Budget Amendment ID: FY2016-S3-935
EHS 935
Review of Specialty Drug Dispensing and Patient Safety
Messrs. Keenan and Brownsberger, Ms. Gobi, Mr. Ross, Ms. Donoghue, Ms. O'Connor Ives, Mrs. L'Italien, Messrs. Montigny and Moore and Ms. Creem moved that the proposed new text be amended by inserting the following new section:-
SECTION __. The Secretary for Health and Human Services, in coordination with the Department of Public Health and the Division of Insurance, shall conduct a review of carrier practices which require certain categories of drugs, including those that are administered by injection or infusion, to be dispensed by a third-party specialty pharmacy directly to a patient or to a provider with the designation that such drugs be used for a specific patient and not for the general use of the provider. The secretary shall make recommendations to the General Court for the regulation or restriction of said practice as appropriate and if necessary to ensure patient safety and to meet reasonable cost containment goals, which may include recommendations for statutory changes.

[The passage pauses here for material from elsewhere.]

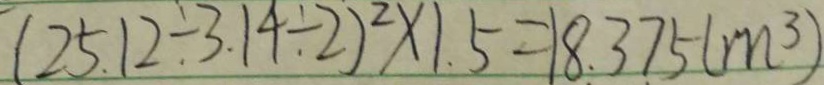
( 2 5 . 1 2 \div 3 . 1 4 \div 2 ) ^ { 2 } \times 1 . 5 = 1 8 . 3 7 5 ( m ^ { 3 } )

Notwithstanding any General or special law to the contrary, until such recommendations are filed, or until July 1st 2016, whichever occurs earlier, no insurance carrier shall require that a cancer-related or chronic-illness related drug be purchased and delivered to a patient, to a patient’s guardian or representative, or to a patient’s chosen provider only through a third-party specialty pharmacy; provided, however, that nothing in this section shall prohibit a patient or provider, including a home health agency or hospice, from choosing to receive such drugs from a third-party specialty pharmacy. For the purposes of this section the terms “cancer-related drug” and “chronic-illness related drug” shall mean a controlled substance that is indicated for the treatment of cancer or another chronic illness, or for managing the side effects of such treatment, and that must be administered by injection in a clinic, hospital, or physician’s office and which the patient’s treating healthcare provider has determined cannot be reasonably self-administered by a patient to whom the drug is prescribed or by an individual assisting the patient with self-administration; and the term “carrier” shall include those defined in section 1 of chapter 176O as well as health plans that are under contract to the group insurance commission established under Chapter 32A of the General Laws.